(WORK ITEM): Take each line of the records below that contains the string "Parliament" and copy it.

(Excerpts from a dataset)
--------

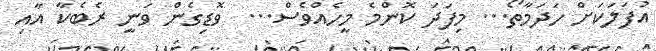
އުފަލަކަށް ހަދަމާތޯ... މިފަދަ ކޮންމެ މީހެއްވެސް...  ވޮޑިގެން ވަނީ ރެބެކާ އާއި
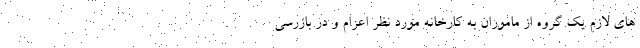
های لازم یک گروه از ماموران به کارخانه مورد نظر اعزام و در بازرسی
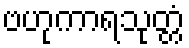
ဗဟုကာရသုတ္တံ
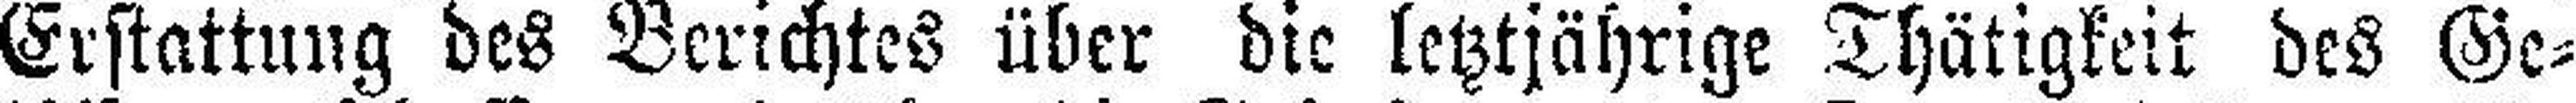
Erstattung des Berichtes über die letztjährige Thätigkeit des Ge¬
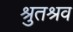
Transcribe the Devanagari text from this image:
श्रुतश्रव
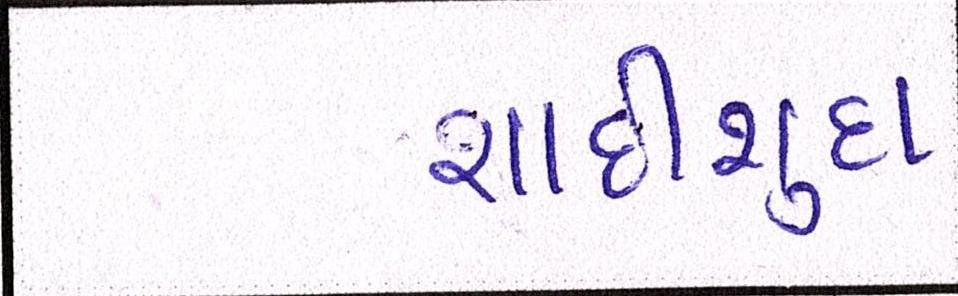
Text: શાદીશુદા
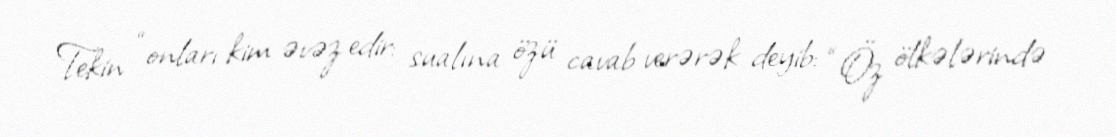
Tekin “onları kim əvəz edir: sualına özü cavab verərək deyib: “Öz ölkələrində
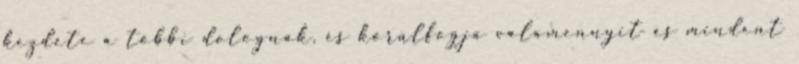
kezdete a többi dolognak, és körülfogja valamennyit és mindent
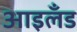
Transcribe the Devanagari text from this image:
आइलॅंड
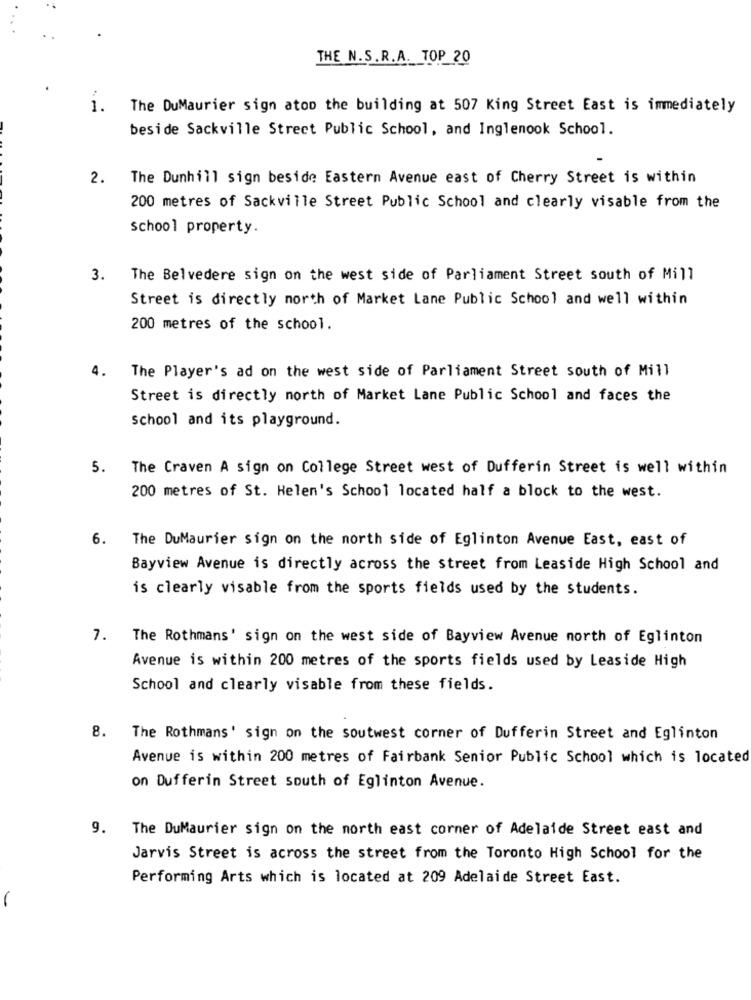
THE N.S.R.A. TOP 20
1.
The DuMaurier sign atoo the building at 507 King Street East is immediately
beside Sackville Street Public School, and Inglenook School.
2.
The Dunhill sign beside Eastern Avenue east of Cherry Street is within
200 metres of Sackville Street Public School and clearly visable from the
school property.
3.
The Belvedere sign on the west side of Parliament Street south of Mill
Street is directly north of Market Lane Public School and well within
200 metres of the school.
4.
The Player's ad on the west side of Parliament Street south of Mill
Street is directly north of Market Lane Public School and faces the
school and its playground.
5.
The Craven A sign on College Street west of Dufferin Street is well within
200 metres of St. Helen's School located half a block to the west.
6.
The DuMaurier sign on the north side of Eglinton Avenue East, east of
Bayview Avenue is directly across the street from Leaside High School and
is clearly visable from the sports fields used by the students.
7.
The Rothmans' sign on the west side of Bayview Avenue north of Eglinton
Avenue is within 200 metres of the sports fields used by Leaside High
School and clearly visable from these fields.
8. The Rothmans' sign on the soutwest corner of Dufferin Street and Eglinton
Avenue is within 200 metres of Fairbank Senior Public School which is located
on Dufferin Street south of Eglinton Avenue.
9. The DuMaurier sign on the north east corner of Adelaide Street east and
Jarvis Street is across the street from the Toronto High School for the
Performing Arts which is located at 209 Adelaide Street East.

--------

(REPLY):
The Belvedere sign on the west side of Parliament Street south of Mill
The Player's ad on the west side of Parliament Street south of Mill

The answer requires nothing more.